AWSTemplateFormatVersion: 2010-09-09
Description: CloudFormation template for a S3 bucket 
    
Resources:
  MyS3Bucket:
    Type: AWS::S3::Bucket
    Properties:
      BucketName: i-named-this-bucket

Resources are roughly speaking things you can create in AWS: this includes things like Lambda Functions, S3 bucket, IAM roles/permissions so on. They can be referenced by other resources, in order to create a resource graph (this resource refers to that resource, and so on). A single such YAML file defines a stack, which is a collection of resources in the same “namespace”.

To make things clearer, let us go through a simple example.

Let us first create a bucket using the above snippet. Save it in a file called my_template.yaml. Then run the following command with the AWS CLI:

aws cloudformation deploy \
  --template-file my_template.yaml \
  --stack-name my-stack

You will see something like this:

Waiting for changeset to be created..
Waiting for stack create/update to complete
Successfully created/updated stack - my-stack

If this completes successfully, it will create a S3 bucket with the name i-named-this-bucket.
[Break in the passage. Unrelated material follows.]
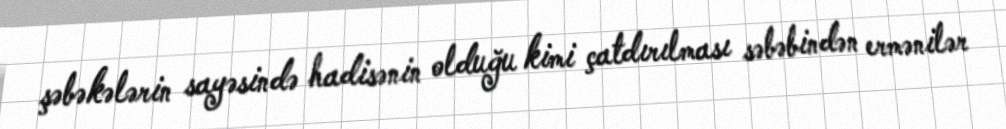
şəbəkələrin sayəsində hadisənin olduğu kimi çatdırılması səbəbindən ermənilər

Let us add a Lambda Function, by adding this to the YAML file:

  MyLambda:
    Type: AWS::Lambda::Function
    Properties:
      FunctionName: "my-function"
      Handler: index.handler
      Code:
        ZipFile: |
          exports.handler = function(event, context) {
            console.log("I'm a lambda!")
          };
      Runtime: nodejs14.x
      Role: !GetAtt LambdaExecutionRole.Arn

  LambdaExecutionRole:
    Type: AWS::IAM::Role
    Properties:
      AssumeRolePolicyDocument:
        Version: '2012-10-17'
        Statement:
        - Effect: Allow
          Principal:
            Service:
            - lambda.amazonaws.com
          Action:
          - sts:AssumeRole
      Path: "/"
      Policies:
      - PolicyName: root
        PolicyDocument:
          Version: '2012-10-17'
          Statement:
          - Effect: Allow
            Action:
            - logs:*
            Resource: arn:aws:logs:*:*:*

Phew! That was a mouthful. The first block defines a Lambda function with the name my-function, which only logs the sentence “I’m a lambda!”. The next field, Role, just defines what the Lambda function is allowed to do. This one is only allowed to log to CloudWatch.
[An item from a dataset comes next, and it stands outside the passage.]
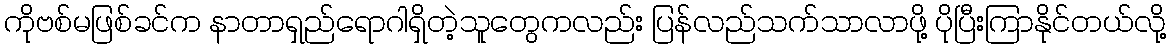
ကိုဗစ်မဖြစ်ခင်က နာတာရှည်ရောဂါရှိတဲ့သူတွေကလည်း ပြန်လည်သက်သာလာဖို့ ပိုပြီးကြာနိုင်တယ်လို့

Let’s do something slightly more complex. Let the Lambda function be able to list all objects in the bucket. Change the Lambda code to the following:

var AWS = require("aws-sdk");
var s3 = new AWS.S3();
exports.handler = function(event, context) {
    s3.listObjects(
        { Bucket: process.env.S3_BUCKET},
        function (err, data) {
            if (err) throw err;
                console.log(data)
        })
};

And add the following policy in the IAM Role:

      - PolicyName: list-s3
        PolicyDocument:
          Version: '2012-10-17'
          Statement:
            - Effect: Allow
              Action:
                - s3:List*
              Resource: !GetAtt MyS3Bucket.Arn

Now the lambda will be allowed to list objects in the S3 bucket. For the full template, see this gist.

To deploy this, run the same command as above, and wait for it to finish. To test the Lambda function, go to the Lambda console, and choose “Test”. If the function doesn’t crash, you will see a green box with its output.

These steps should give the reader an idea of what CloudFormation is and how it works. The documentation is very good and has a lot of examples, so I recommend always starting there when wondering about all the possible properties.

As you can see, CloudFormation has a tendency to become quite complex. To keep things under control, a good first step is to use something like cfn-lint, which can validate your CloudFormation and warn you about problems before you deploy.

A good next step would be to instead use something like AWS CDK (Cloud Development Kit). This is a framework which takes your favorite programming language and compiles it to CloudFormation. If you’re going to write a lot of infrastructure as code in AWS, CDK is definitely the way to go. (but that will be another blog post)

(to clean up, the easiest is to go to the AWS Console, then CloudFormation, then “Delete Stack”. Note that some resources are just “orphaned”, not deleted. This includes DynamodDB tables and S3 buckets, which must be manually deleted after.)